Extracted data entries
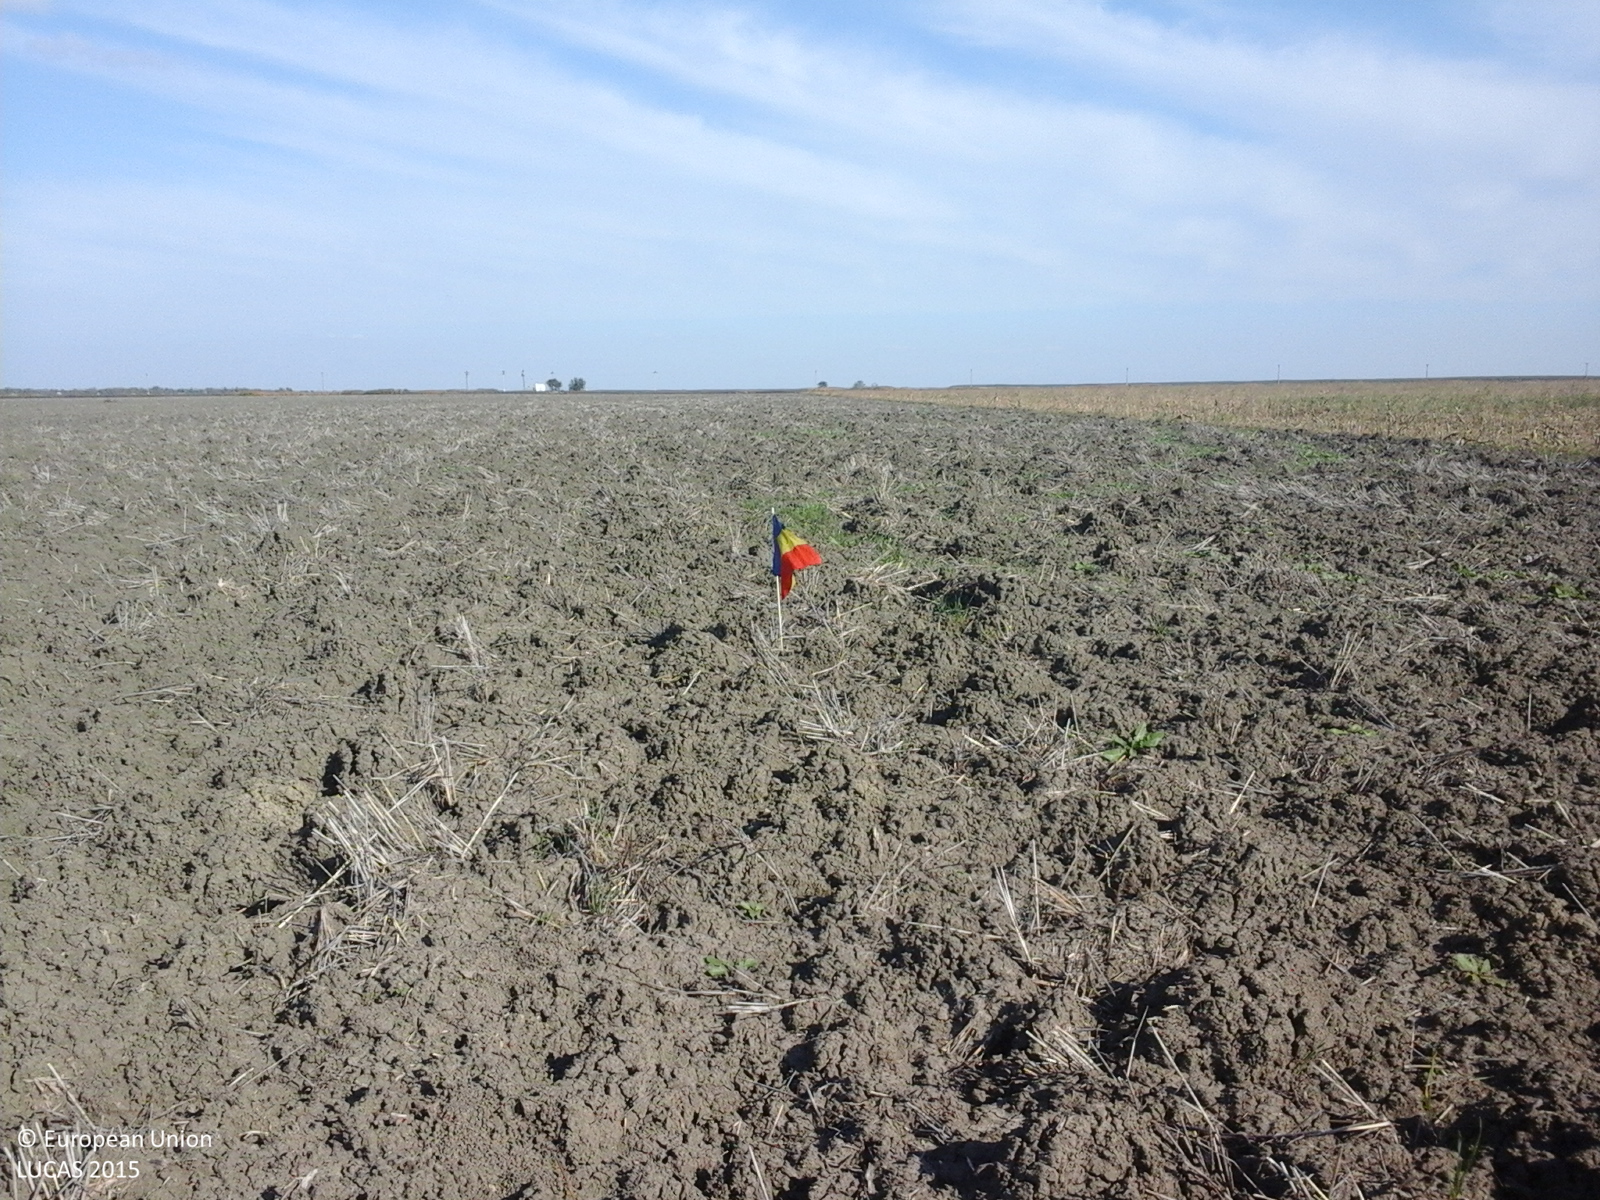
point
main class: Cropland
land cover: Durum wheat
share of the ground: > 75 %
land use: Agriculture (excluding fallow land and kitchen gardens)
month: October
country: RO
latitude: 45.4410
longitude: 27.4222

[Action item]: What is needed is every record above, returned exactly, with the pictures omitted.

[Expected answer]:
point
main class: Cropland
land cover: Durum wheat
share of the ground: > 75 %
land use: Agriculture (excluding fallow land and kitchen gardens)
month: October
country: RO
latitude: 45.4410
longitude: 27.4222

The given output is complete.